-- Opening Marker --

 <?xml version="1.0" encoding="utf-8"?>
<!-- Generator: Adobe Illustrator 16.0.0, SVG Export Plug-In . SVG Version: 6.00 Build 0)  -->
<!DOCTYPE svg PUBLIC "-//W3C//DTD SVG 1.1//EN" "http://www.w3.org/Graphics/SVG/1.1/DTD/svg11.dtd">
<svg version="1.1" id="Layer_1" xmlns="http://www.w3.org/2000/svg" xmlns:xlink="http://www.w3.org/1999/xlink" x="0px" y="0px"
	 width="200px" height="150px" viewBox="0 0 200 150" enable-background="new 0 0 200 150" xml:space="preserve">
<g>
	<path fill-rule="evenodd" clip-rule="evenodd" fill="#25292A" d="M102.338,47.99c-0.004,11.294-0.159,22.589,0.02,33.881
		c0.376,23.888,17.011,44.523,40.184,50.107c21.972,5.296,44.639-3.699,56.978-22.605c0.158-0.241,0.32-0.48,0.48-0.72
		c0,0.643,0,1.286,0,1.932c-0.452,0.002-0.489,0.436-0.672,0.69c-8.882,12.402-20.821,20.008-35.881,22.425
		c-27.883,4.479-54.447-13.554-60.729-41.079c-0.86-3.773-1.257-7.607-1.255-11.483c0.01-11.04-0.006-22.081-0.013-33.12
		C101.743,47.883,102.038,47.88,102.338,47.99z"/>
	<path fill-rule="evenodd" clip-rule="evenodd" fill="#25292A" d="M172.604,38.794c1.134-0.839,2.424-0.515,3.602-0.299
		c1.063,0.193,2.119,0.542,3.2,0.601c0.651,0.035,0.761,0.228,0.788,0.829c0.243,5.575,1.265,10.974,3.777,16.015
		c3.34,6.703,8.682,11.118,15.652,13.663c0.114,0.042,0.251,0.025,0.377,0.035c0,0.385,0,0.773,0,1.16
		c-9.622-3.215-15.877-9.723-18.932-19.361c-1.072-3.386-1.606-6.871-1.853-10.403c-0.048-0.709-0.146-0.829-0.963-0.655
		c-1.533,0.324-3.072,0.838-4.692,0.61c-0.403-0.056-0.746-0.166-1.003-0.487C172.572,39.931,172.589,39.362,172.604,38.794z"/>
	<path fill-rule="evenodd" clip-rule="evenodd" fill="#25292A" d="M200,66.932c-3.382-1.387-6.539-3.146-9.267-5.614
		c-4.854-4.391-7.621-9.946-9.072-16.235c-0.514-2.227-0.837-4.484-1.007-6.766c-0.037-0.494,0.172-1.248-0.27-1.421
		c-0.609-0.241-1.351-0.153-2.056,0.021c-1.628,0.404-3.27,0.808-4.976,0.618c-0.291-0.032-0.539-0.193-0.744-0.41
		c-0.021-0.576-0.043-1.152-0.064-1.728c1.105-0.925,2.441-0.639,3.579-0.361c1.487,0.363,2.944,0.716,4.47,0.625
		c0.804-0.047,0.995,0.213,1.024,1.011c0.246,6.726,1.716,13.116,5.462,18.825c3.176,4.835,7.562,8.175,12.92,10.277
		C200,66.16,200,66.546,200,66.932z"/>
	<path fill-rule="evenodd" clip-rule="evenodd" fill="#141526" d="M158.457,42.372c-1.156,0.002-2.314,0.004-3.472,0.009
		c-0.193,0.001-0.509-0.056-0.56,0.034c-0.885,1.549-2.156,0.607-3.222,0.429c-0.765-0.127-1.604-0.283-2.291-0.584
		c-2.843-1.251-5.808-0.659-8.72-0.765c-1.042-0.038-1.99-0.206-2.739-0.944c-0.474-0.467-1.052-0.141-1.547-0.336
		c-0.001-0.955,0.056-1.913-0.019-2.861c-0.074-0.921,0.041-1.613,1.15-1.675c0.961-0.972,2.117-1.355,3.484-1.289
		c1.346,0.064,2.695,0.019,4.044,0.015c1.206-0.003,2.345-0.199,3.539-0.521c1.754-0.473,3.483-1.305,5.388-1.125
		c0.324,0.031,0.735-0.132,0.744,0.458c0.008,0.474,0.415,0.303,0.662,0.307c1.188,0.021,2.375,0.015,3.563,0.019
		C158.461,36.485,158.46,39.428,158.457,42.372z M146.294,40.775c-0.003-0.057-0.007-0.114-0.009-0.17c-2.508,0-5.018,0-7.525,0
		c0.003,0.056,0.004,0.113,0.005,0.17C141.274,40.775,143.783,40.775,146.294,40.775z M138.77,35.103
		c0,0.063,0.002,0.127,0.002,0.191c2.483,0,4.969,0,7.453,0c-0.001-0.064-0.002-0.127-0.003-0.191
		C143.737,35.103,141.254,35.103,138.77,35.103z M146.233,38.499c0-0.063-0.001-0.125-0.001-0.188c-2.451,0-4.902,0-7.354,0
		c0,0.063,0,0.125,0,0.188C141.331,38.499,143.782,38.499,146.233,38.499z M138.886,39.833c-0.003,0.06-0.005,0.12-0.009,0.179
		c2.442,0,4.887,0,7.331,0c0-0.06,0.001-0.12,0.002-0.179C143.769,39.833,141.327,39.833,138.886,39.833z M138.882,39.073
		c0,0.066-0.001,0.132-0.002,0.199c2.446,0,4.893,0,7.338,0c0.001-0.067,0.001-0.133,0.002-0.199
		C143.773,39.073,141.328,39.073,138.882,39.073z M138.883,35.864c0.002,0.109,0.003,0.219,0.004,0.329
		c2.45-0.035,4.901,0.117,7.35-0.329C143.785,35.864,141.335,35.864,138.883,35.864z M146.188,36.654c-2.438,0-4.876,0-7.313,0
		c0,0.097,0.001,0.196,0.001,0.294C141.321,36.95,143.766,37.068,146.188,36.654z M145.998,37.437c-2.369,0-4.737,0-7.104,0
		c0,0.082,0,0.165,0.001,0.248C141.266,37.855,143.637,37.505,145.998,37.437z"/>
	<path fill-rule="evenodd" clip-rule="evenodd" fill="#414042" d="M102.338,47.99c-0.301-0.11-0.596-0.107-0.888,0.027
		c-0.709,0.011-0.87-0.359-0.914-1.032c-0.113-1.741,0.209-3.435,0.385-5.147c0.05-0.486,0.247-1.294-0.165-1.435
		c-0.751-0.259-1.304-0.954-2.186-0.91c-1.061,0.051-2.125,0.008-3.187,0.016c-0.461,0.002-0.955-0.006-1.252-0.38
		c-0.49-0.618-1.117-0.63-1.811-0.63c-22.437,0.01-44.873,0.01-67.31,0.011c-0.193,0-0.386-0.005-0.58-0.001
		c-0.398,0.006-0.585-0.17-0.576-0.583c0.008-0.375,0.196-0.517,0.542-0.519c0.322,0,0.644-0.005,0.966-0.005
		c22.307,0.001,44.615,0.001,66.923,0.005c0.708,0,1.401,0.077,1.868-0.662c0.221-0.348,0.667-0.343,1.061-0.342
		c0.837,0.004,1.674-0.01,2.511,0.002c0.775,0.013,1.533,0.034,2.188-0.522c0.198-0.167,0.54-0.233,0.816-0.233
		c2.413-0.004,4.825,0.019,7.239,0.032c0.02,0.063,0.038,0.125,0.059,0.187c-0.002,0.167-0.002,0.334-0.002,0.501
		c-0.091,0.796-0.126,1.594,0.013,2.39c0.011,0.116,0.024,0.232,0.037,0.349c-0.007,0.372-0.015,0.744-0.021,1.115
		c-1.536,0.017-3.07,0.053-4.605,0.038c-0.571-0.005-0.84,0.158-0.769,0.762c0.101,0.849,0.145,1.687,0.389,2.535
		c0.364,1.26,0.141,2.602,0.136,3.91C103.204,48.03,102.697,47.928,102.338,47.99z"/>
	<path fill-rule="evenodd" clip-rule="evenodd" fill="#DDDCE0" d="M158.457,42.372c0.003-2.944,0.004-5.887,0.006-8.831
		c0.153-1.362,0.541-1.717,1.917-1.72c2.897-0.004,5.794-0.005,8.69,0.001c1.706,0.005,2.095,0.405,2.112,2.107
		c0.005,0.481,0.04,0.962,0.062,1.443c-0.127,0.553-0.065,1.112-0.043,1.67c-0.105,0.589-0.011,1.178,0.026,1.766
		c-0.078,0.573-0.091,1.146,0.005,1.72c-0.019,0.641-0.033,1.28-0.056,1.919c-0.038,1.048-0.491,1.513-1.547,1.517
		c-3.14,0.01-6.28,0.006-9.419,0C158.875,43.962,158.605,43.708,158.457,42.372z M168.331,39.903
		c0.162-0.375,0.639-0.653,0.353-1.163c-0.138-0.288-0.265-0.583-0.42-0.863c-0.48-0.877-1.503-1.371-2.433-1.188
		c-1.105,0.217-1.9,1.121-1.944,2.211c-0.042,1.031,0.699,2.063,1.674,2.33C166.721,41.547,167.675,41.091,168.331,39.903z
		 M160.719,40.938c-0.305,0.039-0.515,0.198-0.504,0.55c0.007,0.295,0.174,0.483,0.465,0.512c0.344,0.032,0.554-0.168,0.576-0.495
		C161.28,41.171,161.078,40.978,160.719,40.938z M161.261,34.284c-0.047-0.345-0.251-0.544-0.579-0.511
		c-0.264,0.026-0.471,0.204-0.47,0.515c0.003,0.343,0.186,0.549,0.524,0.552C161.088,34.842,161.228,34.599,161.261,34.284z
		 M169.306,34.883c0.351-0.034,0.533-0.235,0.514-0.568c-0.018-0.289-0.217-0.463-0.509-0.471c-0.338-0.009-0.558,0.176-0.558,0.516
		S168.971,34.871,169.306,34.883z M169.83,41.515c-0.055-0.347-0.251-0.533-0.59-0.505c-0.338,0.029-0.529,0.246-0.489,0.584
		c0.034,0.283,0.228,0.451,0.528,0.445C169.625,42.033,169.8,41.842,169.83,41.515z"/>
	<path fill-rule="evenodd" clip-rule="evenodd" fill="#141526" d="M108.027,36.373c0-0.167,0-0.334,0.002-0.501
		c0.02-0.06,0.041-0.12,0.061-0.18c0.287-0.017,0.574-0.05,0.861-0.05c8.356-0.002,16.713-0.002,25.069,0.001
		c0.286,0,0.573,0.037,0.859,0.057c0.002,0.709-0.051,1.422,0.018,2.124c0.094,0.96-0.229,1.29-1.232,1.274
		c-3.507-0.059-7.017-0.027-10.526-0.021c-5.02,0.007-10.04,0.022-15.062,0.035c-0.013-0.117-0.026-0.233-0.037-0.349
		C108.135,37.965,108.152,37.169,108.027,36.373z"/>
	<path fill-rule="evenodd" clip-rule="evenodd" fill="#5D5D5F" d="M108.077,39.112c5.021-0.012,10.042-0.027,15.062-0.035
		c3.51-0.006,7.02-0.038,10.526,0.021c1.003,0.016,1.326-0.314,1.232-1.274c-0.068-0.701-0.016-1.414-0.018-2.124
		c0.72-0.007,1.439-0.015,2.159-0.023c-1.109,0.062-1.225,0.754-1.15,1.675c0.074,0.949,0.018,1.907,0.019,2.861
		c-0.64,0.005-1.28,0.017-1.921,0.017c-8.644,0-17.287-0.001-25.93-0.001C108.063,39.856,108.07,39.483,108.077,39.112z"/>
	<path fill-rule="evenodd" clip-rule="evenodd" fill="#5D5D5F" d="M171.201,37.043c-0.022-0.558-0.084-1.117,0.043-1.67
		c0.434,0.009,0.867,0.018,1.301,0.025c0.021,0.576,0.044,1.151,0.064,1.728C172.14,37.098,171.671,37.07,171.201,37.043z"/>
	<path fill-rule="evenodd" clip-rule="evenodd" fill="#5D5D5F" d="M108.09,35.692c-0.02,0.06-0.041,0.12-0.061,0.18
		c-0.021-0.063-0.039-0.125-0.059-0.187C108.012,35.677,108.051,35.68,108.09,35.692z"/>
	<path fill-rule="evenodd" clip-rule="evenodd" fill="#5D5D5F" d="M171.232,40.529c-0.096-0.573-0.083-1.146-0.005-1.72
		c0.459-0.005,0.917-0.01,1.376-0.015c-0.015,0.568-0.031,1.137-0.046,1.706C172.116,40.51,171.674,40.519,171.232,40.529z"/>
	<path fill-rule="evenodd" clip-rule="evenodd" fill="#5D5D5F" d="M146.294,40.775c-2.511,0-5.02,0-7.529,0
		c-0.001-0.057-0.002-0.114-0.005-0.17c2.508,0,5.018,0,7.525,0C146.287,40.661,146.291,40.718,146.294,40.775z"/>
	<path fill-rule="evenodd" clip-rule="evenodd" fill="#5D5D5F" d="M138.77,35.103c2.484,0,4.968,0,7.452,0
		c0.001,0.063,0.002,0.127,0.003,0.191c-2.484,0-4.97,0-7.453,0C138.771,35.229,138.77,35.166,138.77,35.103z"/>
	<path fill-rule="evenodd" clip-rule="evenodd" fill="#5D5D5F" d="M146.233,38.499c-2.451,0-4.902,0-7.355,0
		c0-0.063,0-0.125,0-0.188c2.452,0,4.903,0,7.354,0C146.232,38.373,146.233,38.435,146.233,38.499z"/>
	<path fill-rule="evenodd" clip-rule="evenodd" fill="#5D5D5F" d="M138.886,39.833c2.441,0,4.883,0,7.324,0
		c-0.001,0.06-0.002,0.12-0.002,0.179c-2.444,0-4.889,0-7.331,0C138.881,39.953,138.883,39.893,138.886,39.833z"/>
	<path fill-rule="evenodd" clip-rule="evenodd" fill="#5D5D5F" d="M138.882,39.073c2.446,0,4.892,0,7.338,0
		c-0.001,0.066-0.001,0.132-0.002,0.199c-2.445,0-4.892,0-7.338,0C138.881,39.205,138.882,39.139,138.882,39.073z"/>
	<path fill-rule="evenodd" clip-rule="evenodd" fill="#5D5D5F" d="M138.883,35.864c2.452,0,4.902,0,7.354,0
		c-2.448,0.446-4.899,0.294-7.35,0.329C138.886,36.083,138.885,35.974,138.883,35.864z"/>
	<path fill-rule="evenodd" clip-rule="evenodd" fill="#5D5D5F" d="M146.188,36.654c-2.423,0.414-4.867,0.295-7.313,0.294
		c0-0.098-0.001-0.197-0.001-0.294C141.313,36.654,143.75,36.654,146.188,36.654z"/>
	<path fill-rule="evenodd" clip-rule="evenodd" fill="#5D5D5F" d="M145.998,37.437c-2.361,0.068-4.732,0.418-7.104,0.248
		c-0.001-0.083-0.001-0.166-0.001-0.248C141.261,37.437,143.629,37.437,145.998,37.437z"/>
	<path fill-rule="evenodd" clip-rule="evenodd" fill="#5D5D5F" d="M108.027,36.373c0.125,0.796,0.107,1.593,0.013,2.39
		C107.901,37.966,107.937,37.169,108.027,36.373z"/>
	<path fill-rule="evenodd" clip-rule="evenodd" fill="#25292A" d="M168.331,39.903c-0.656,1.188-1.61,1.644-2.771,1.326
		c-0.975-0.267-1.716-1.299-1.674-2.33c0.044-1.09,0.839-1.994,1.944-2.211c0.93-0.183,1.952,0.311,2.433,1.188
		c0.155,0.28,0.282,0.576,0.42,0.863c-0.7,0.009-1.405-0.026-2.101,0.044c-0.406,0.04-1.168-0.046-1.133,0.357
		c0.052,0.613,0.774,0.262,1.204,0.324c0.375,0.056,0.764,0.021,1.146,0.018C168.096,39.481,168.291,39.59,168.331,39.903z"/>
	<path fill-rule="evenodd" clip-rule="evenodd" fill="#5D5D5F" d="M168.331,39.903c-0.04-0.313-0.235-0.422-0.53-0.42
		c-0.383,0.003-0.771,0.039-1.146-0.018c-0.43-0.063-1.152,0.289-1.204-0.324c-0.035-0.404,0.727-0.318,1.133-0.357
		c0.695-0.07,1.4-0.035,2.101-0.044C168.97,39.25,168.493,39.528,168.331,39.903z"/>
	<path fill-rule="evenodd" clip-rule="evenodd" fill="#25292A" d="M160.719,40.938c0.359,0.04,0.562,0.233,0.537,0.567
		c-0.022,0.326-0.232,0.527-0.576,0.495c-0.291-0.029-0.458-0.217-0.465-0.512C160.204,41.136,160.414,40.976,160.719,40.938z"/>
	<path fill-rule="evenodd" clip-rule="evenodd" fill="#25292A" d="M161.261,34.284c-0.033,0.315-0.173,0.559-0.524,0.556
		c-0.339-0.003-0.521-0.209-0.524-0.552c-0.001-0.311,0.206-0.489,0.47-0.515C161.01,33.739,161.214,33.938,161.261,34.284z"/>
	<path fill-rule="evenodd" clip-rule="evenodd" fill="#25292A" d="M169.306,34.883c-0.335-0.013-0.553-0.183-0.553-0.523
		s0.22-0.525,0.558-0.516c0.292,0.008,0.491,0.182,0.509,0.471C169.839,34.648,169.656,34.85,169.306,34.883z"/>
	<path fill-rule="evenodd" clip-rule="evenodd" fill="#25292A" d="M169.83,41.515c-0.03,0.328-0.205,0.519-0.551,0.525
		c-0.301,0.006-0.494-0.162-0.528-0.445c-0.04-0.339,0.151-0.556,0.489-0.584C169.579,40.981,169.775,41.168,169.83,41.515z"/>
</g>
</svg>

-- Closing Marker --

**Work instruction**
Return only the lines from the beginning of the material up to and including the line with "<!DOCTYPE svg PUBLIC", exactly as written.

**Your response**
 <?xml version="1.0" encoding="utf-8"?>
<!-- Generator: Adobe Illustrator 16.0.0, SVG Export Plug-In . SVG Version: 6.00 Build 0)  -->
<!DOCTYPE svg PUBLIC "-//W3C//DTD SVG 1.1//EN" "http://www.w3.org/Graphics/SVG/1.1/DTD/svg11.dtd">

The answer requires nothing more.